Trouble extracting data from a NiMARE Dataset object using slice() method

dimitarnivanov · January 27, 2023, 11:30am

Summary of what happened:

I am struggling to get the coordinates from four studies I want to analyze from Neurosynth. I downloaded the full Neurosynth database and then used the slice() method with ids, stored in a 1D numpy array. Even though when I print the new data set it says it includes four experiments, when I try to view their ids, coordinates, etc. the sections are empty.

Command used (and if a helper script was used, a link to the helper script or the command generated):

import numpy as np
ids = np.array([21568643,26610651,11087002,18510438])

neuro_dset = neurosynth_dset.slice(ids)
neuro_dset.save(os.path.join(out_dir, "sliced_neurosynth.pkl.gz"))

neuro_dset.coordinates.head()

Version:

The version was python 3.8.10

Environment (Docker, Singularity, custom installation):

I did everything in Google Colab because for some reason I could not install nimare on my machine.

Data formatted according to a validatable standard? Please provide the output of the validator:

I used NiMARE’s documentation’s recommended way of extracting the data from Neurosynth and converting it into a .pkl.gz dataset:

out_dir = os.path.abspath("/example_data/")
os.makedirs(out_dir, exist_ok=True)

files = fetch_neurosynth(
    data_dir=out_dir,
    version="7",
    overwrite=False,
    source="abstract",
    vocab="terms",
)
# Note that the files are saved to a new folder within "out_dir" named "neurosynth".
pprint(files)
neurosynth_db = files[0]

neurosynth_dset = convert_neurosynth_to_dataset(
    coordinates_file=neurosynth_db["coordinates"],
    metadata_file=neurosynth_db["metadata"],
    annotations_files=neurosynth_db["features"],
)
neurosynth_dset.save(os.path.join(out_dir, "neurosynth_dataset.pkl.gz"))

Relevant log outputs (up to 20 lines):

“Dataset(4 experiments, space=‘mni152_2mm’)”

Screenshots / relevant information:

output

tsalo · January 27, 2023, 12:42pm

Can you try using the full Neurosynth IDs as strings?

ids = ["21568643-1", "26610651-1", "11087002-1", "18510438-1"]

dimitarnivanov · January 27, 2023, 1:25pm

Hi Taylor!
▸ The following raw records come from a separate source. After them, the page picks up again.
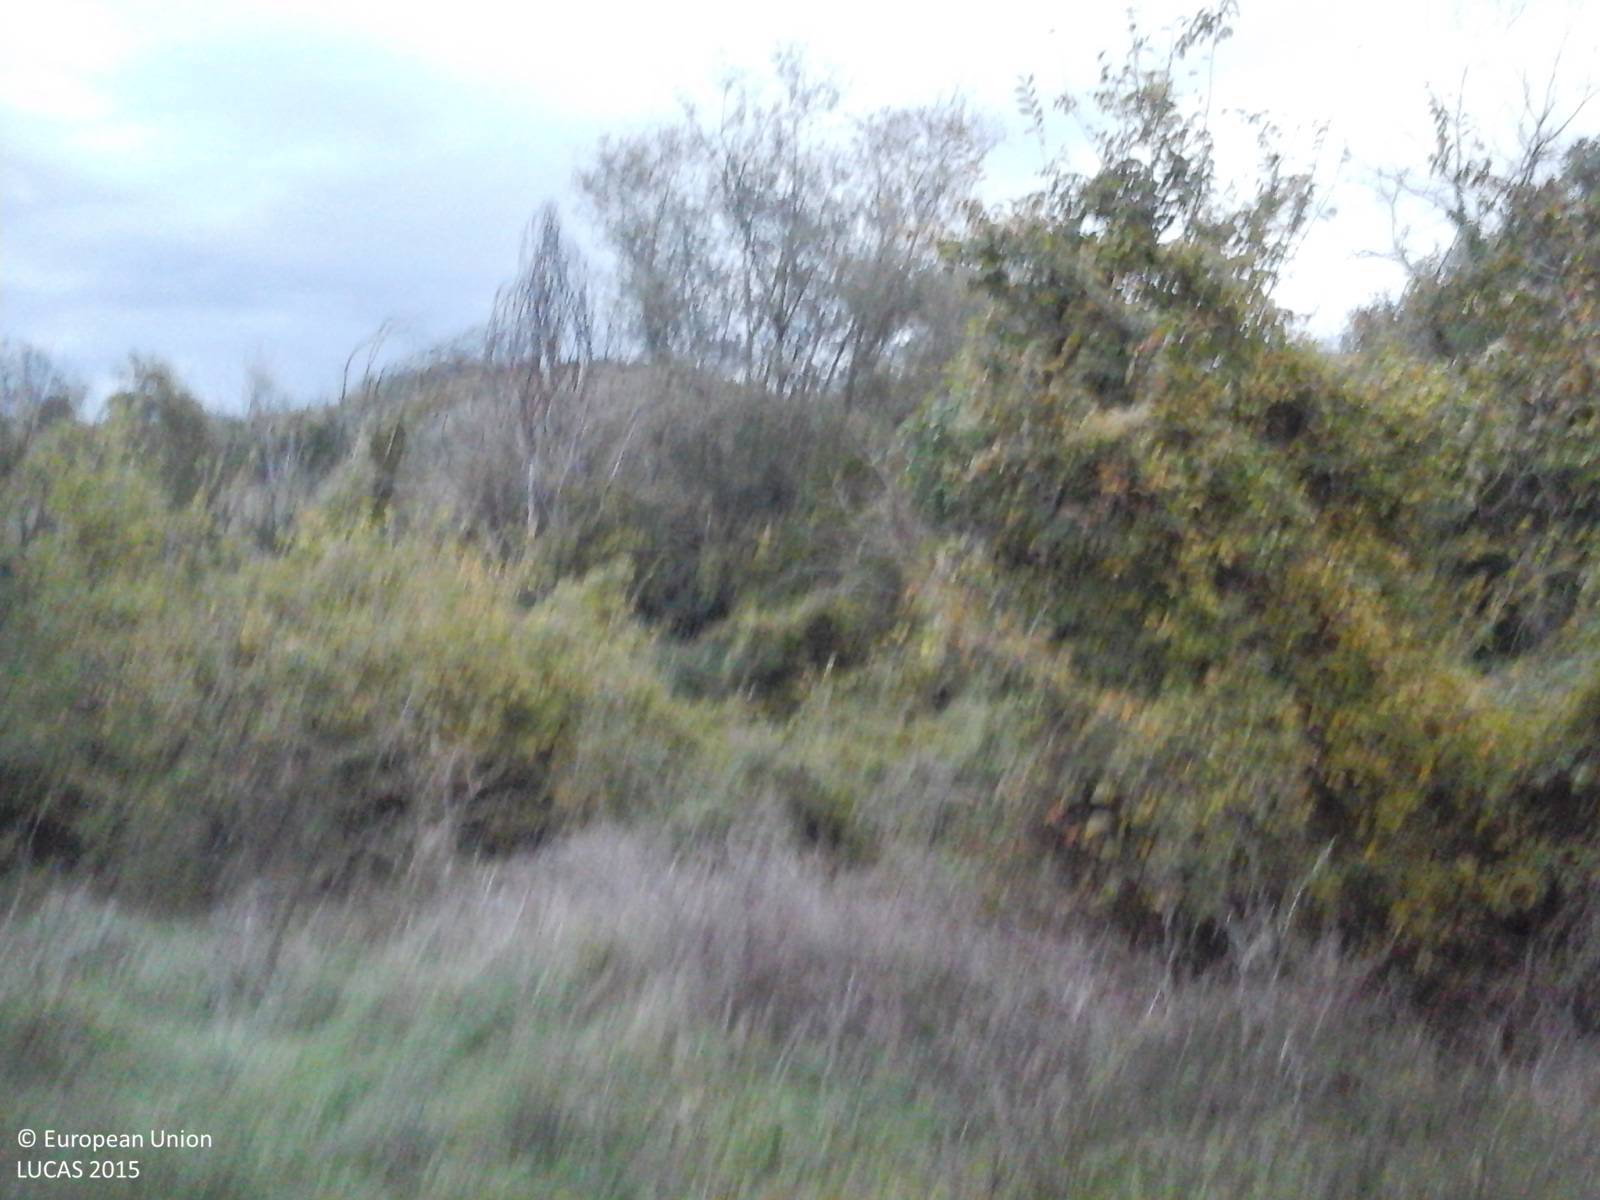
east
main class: Woodland
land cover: Broadleaved woodland
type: thermophilous deciduous forest
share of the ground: > 75 %
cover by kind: broadleaved forest trees 95 %, shrubs 5 %
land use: Forestry
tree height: > 5 m
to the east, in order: Broadleaved woodland; Lucerne; Broadleaved woodland
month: October
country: IT
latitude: 42.6105
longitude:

Yes, that worked. Thank you so much.

dimitarnivanov · January 28, 2023, 2:01pm

Hi Taylor,
On another note, when I am trying to initialize a meta analysis object and to fit it to my data, I receive a KeyError ‘sample_size’. I tried creating a kernel object despite the default to ALEKernel like so:

ale = nimare.meta.kernel.ALEKernel()

and then passing it as a key:

meta1 = nimare.meta.cbma.ale.ALE(kernel_transformer = ale, null_model="approximate")

but it did not change anything.

I also tried modifying the kernel object itself by passing different values for the key sample_size:

ale = nimare.meta.kernel.ALEKernel(sample_size = None)

but I am still getting an error.

I am not sure where exactly I should define the sample size. I tried the same code for a bigger dataset, because I assumed four studies might be too little, but the same error showed up.

tsalo · January 28, 2023, 3:07pm

The ALE kernel’s FWHM depends on the study’s sample size, so the ALEKernel object will attempt to extract experiment-wise sample sizes from the Dataset, which explains the failure. Given that you’re using the Neurosynth dataset, which doesn’t have sample size information, you can set a constant sample size to use across studies. That value can’t be None, because it still needs some way to determine the appropriate FWHM of the kernel, but it can be a reasonable sample size for the literature (e.g., 20 or 30). In that situation, you can just do what you did, except provide a number instead of None.

kernel = nimare.meta.kernel.ALEKernel(sample_size=20)
meta1 = nimare.meta.cbma.ALE(kernel_transformer=kernel, null_model="approximate")
meta_results1 = meta1.fit(test_dset)

Also, it’s a minor thing, but in the screen shot you shared, you called the Estimator object meta1, but you ran meta.fit, so I worry that you were fitting an old object, rather than the new one you provided the kernel to.

dimitarnivanov · January 28, 2023, 3:16pm

Thank you, the solution worked. The screenshot was to showcase the mistake; I just played with some test datasets and so I changed some variable names before running it. I appreciate the reminder.